[写真]=広島サンダーズ

 大好きなサンダーズのユニフォームを着て、最後にコートへ立ったのは今季最後のホームゲーム。愛すべき広島で、またこの場に戻ることができた。

 度重なるケガからの復帰戦。広島サンダーズの主将、井上慎一朗は冗談交じりに振り返る。

「直前に(マネージャーの久原)大輝さんから『518日ぶりらしいよ』と言われて、うわー、そんなに給料泥棒やったんや、って(笑)。ベンチインできたのは、純粋に嬉しかったです」

 たくさん苦しんだからこそ、味わえる純粋な喜び――。

 バレー人生のラストを飾るのは絶対にこの場所。広島で終わると決めて、なかなか光が見えない時期も諦めずに、“いつか”を信じて自分のやるべきことを果たしてきた。

 だから、悔いなく終われる。

 清々しい笑顔で、井上が現役生活を振り返った。

 高松工芸高から中央大学へ。当時の同期とは、事あるごとに今も連絡を取り合っている。

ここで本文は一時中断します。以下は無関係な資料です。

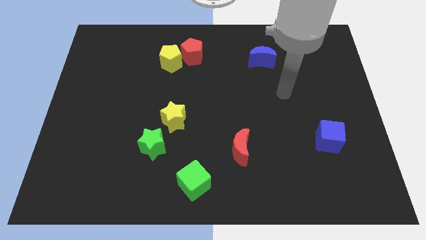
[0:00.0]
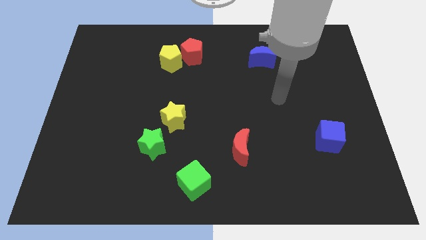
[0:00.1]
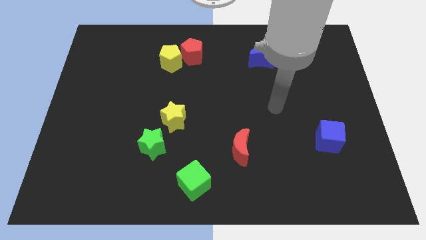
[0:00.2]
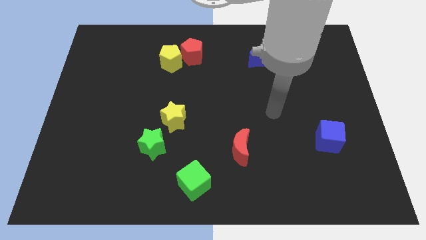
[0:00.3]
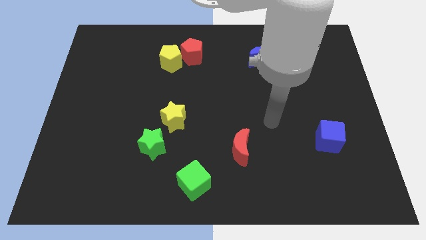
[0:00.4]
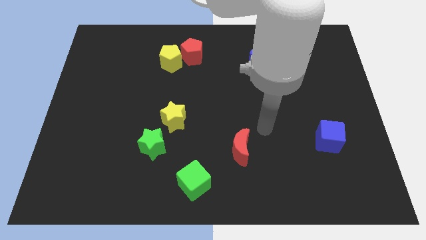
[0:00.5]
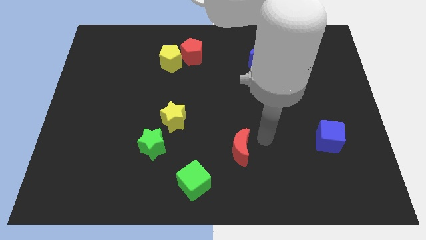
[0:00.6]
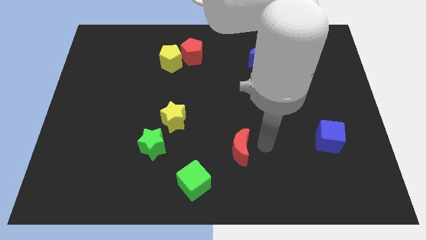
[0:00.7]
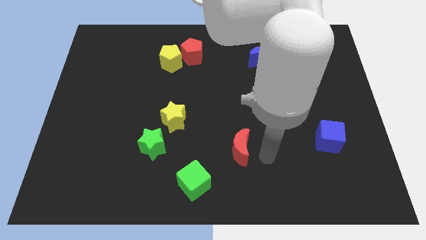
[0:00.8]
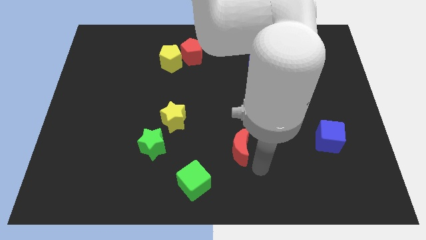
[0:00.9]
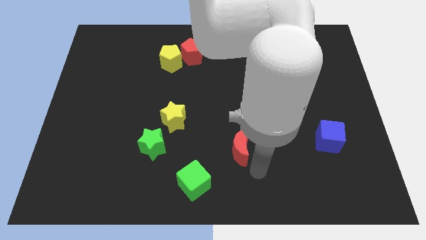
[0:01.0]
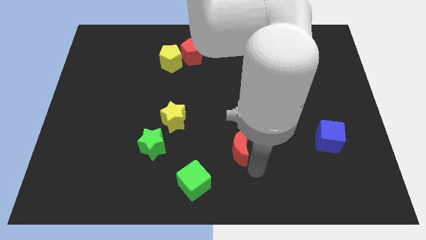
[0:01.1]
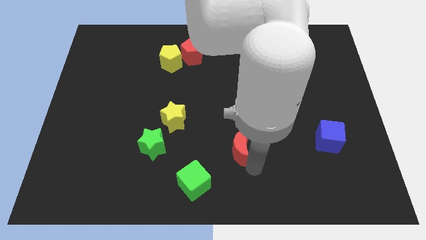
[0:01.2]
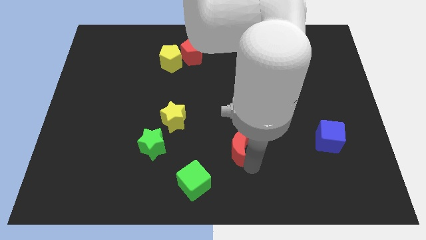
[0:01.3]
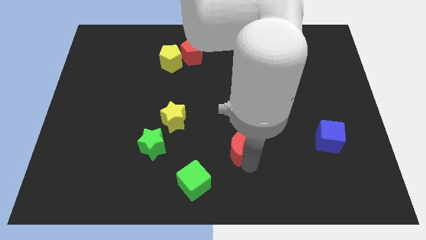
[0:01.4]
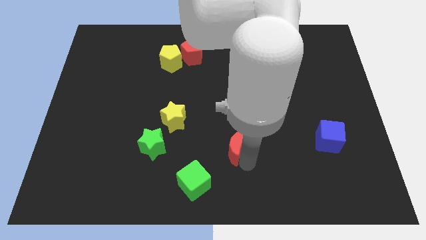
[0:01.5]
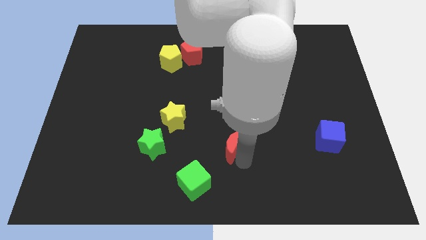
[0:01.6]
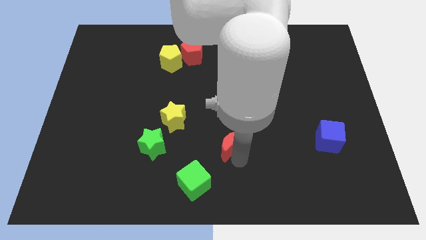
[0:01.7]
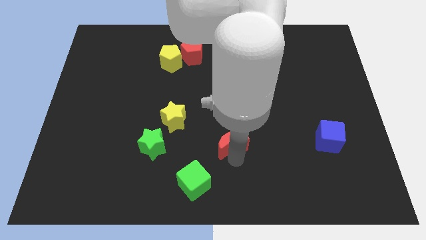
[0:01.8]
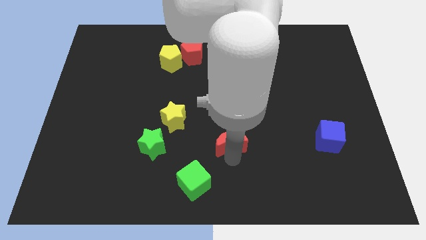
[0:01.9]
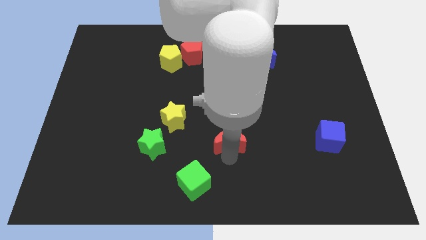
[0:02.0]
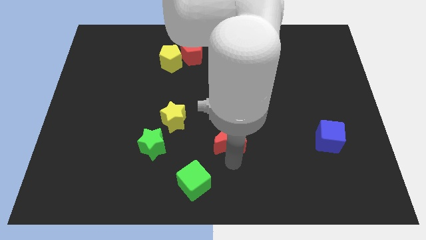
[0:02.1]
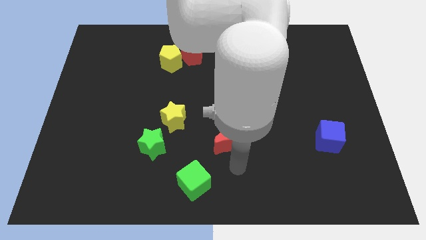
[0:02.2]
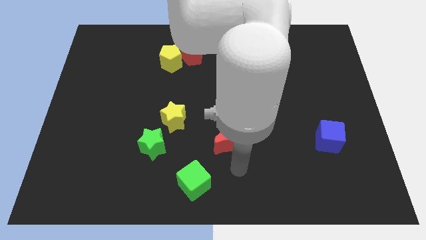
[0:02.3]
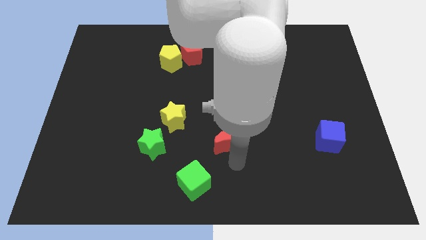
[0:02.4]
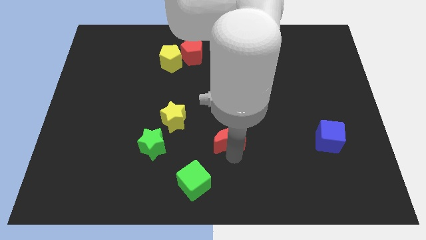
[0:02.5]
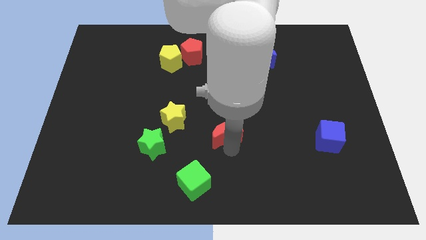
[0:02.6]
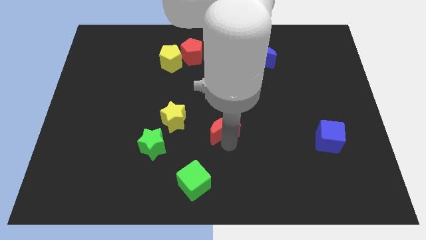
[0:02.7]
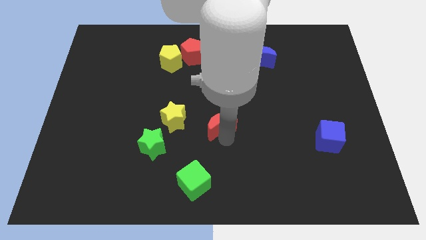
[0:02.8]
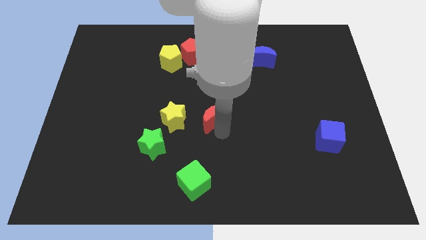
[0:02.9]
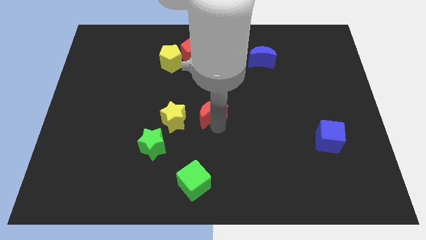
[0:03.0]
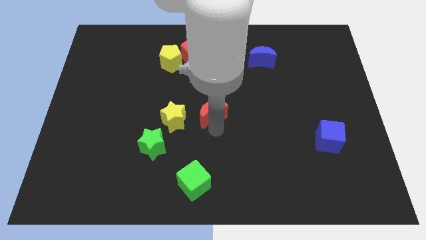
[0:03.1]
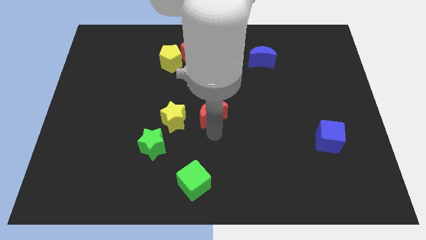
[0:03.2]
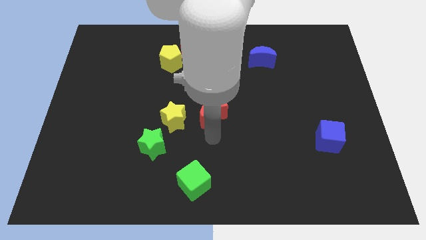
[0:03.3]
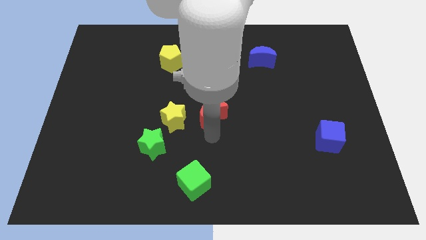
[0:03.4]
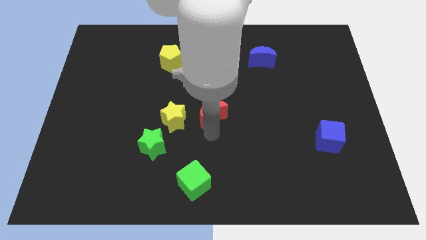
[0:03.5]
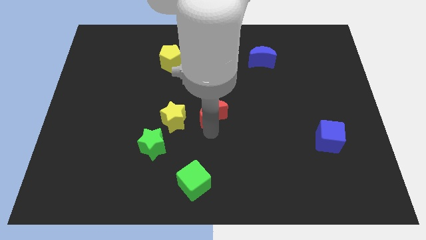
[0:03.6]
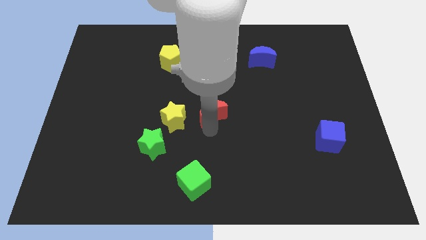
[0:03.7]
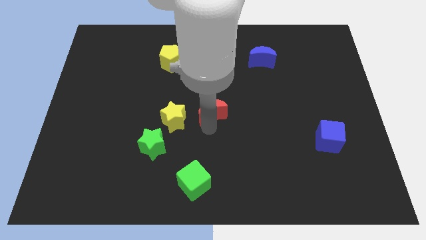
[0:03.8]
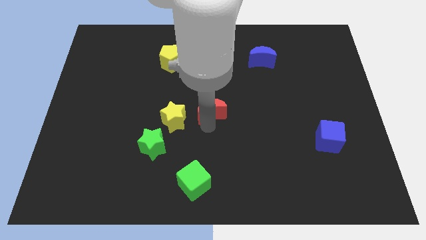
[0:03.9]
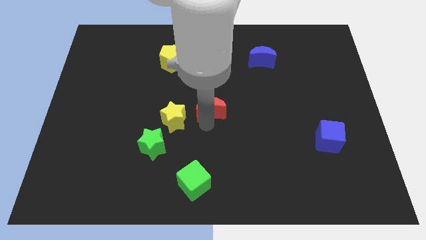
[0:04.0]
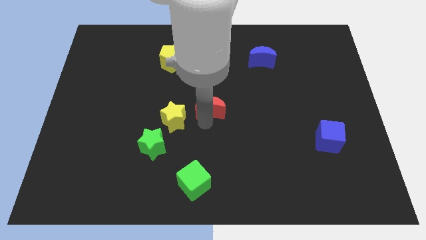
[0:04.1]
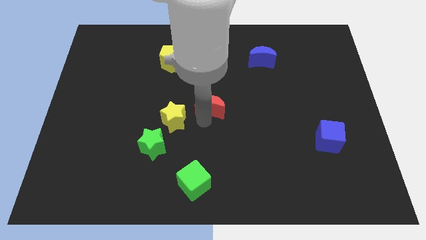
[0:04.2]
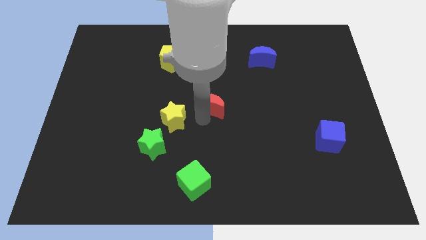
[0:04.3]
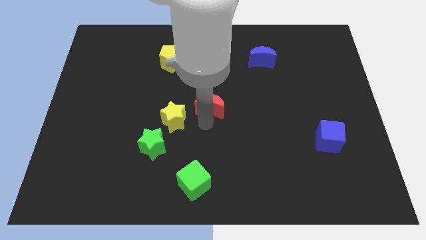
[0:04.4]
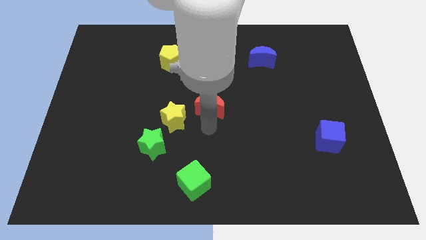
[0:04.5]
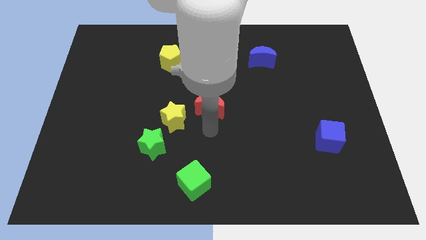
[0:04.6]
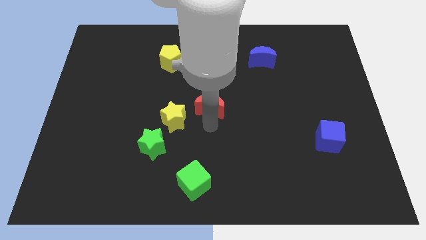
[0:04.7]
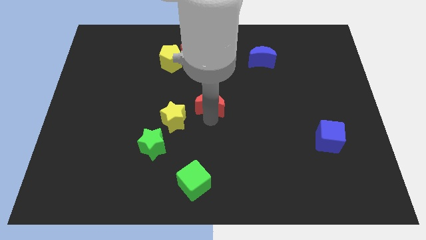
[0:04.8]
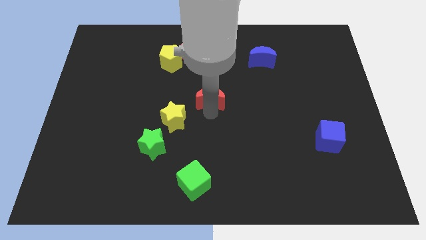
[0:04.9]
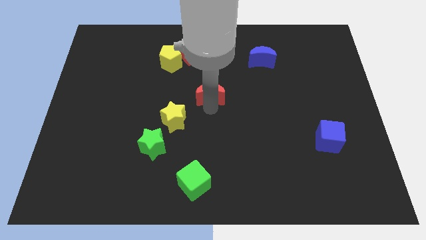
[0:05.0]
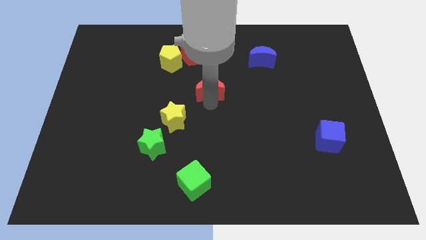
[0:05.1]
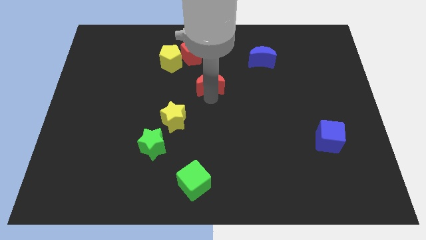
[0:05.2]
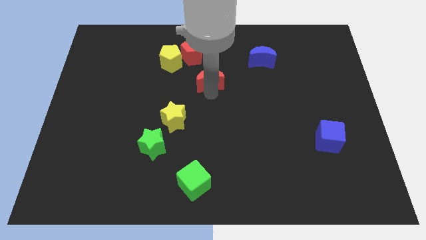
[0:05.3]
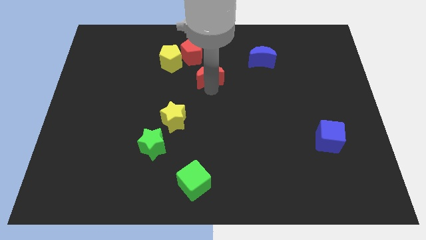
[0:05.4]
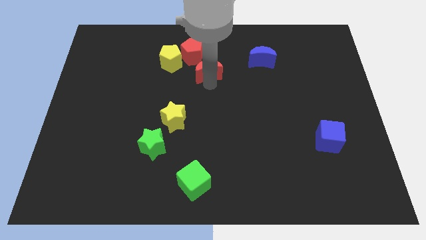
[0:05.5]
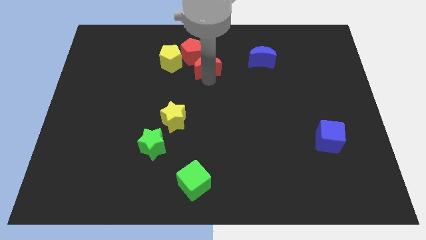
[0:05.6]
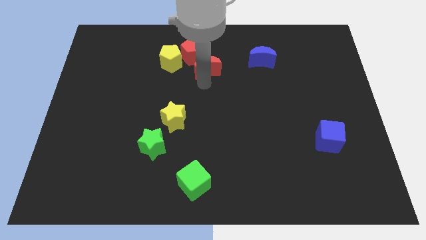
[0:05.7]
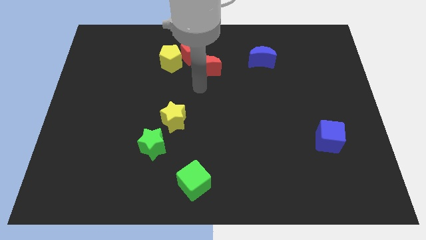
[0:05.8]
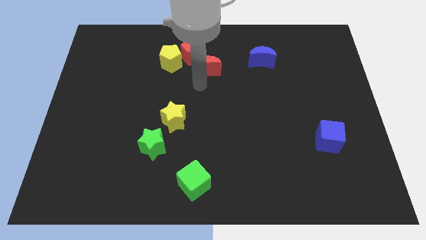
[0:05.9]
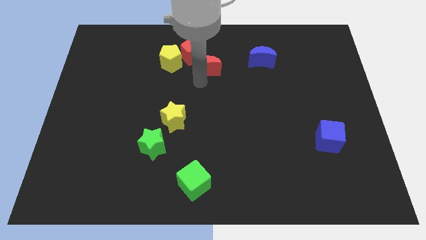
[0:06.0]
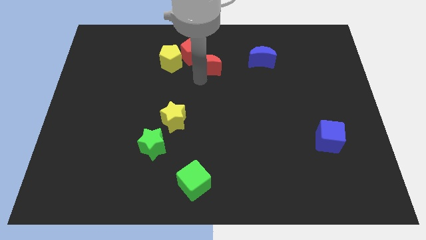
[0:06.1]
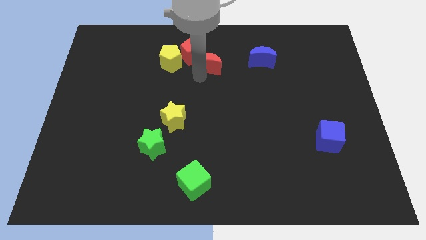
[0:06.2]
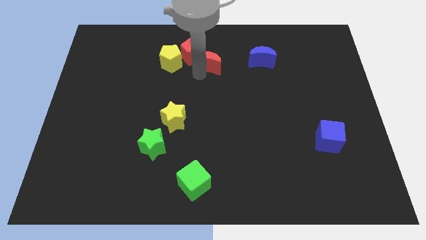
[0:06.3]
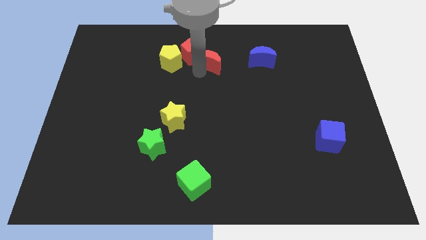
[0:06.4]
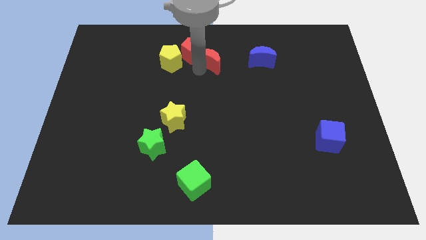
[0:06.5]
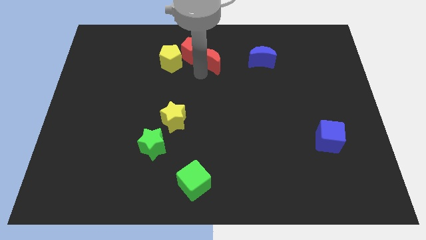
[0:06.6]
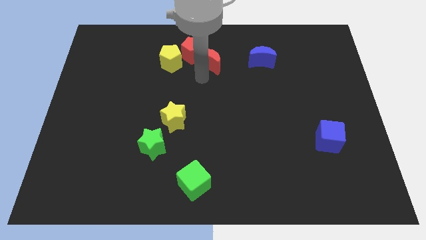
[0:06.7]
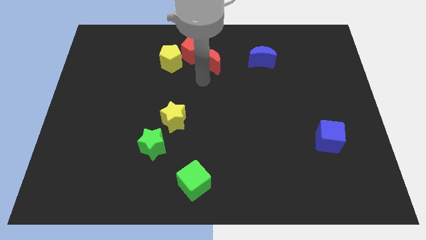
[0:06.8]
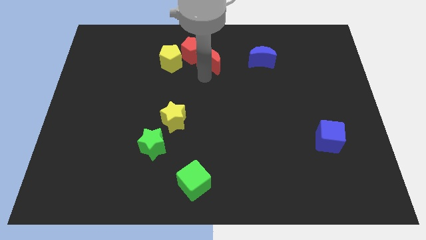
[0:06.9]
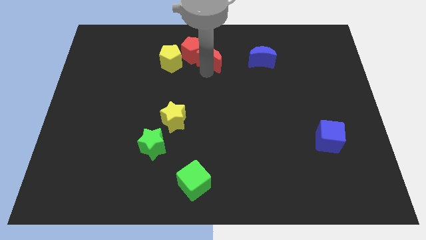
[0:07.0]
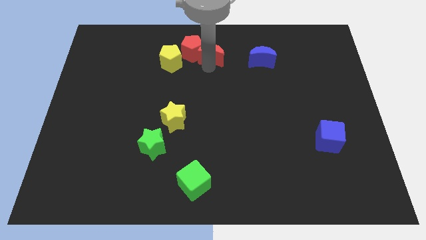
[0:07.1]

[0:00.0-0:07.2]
push the red moon to the towards your base

「LINEのグループ名は“はずれ学年の会”なんです(笑)。いや、そうなるでしょ。上と下、とにかくえぐかったですから」

 1つ上の代には関田誠大や今村貴彦がいて、1つ下の代には石川祐希や武智洸史、大竹壱青がいる。皆が皆、学生時代から輝かしい戦績を誇るだけでなく、個性も強い。「大変だった」という学生時代を、井上は笑いながら振り返る。

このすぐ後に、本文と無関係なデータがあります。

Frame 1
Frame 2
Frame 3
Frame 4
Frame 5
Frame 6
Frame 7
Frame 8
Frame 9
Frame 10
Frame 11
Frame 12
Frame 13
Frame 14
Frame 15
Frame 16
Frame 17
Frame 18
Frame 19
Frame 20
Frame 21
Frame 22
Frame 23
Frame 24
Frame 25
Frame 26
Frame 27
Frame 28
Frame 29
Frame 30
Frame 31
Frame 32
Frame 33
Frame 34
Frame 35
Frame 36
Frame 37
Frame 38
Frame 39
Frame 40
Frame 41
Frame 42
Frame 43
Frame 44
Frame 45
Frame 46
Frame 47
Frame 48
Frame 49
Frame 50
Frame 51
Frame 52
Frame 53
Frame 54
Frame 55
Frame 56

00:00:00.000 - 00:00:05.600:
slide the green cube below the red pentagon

「先輩はもちろんですけど、1つ下の後輩たちも入ってきてすぐ試合に出る選手たちばかりだったので、(1年生がやるべき)仕事ができていなくても、当時の4年生からは1年が怒られるのではなく僕らの代が叱られる。最初は嫌でしたよ(笑)。でもそのおかげで僕らの学年の結束力は強くなったし、いい意味で自分に相応のことは何かを考えられるようになった。夢を見なくなった、と言うと言いすぎかもしれないですけど、現実的に考えて自分が試合に出るために何をすればいいのか。それまではオポジットだったとしても、後輩が『将来を考えてオポジットをやりたい』と言うのを聞けば、じゃあ俺はミドルをやろうか、と受け入れることができた。それはサンダーズに入ってからも同じで、ポジションもそうだし、自分に求められていることは何かを考えて動けるようになった。技術だけで言えば、僕はチームの中で真ん中より上にいたことなんてないと思っているんです。でも器用ではあるし、高校、大学でいろいろなポジションを経験したおかげで、便利屋じゃないですけど足りないところに入ることができた。そういう僕のことを評価してくれる監督に出会えたことも運と縁だと思うんです」

 そしてもう1つ、学生時代からすべてのカテゴリーでキャプテンを経験してきたことも、広島THのキャプテンとして過ごした3年間には活かされた。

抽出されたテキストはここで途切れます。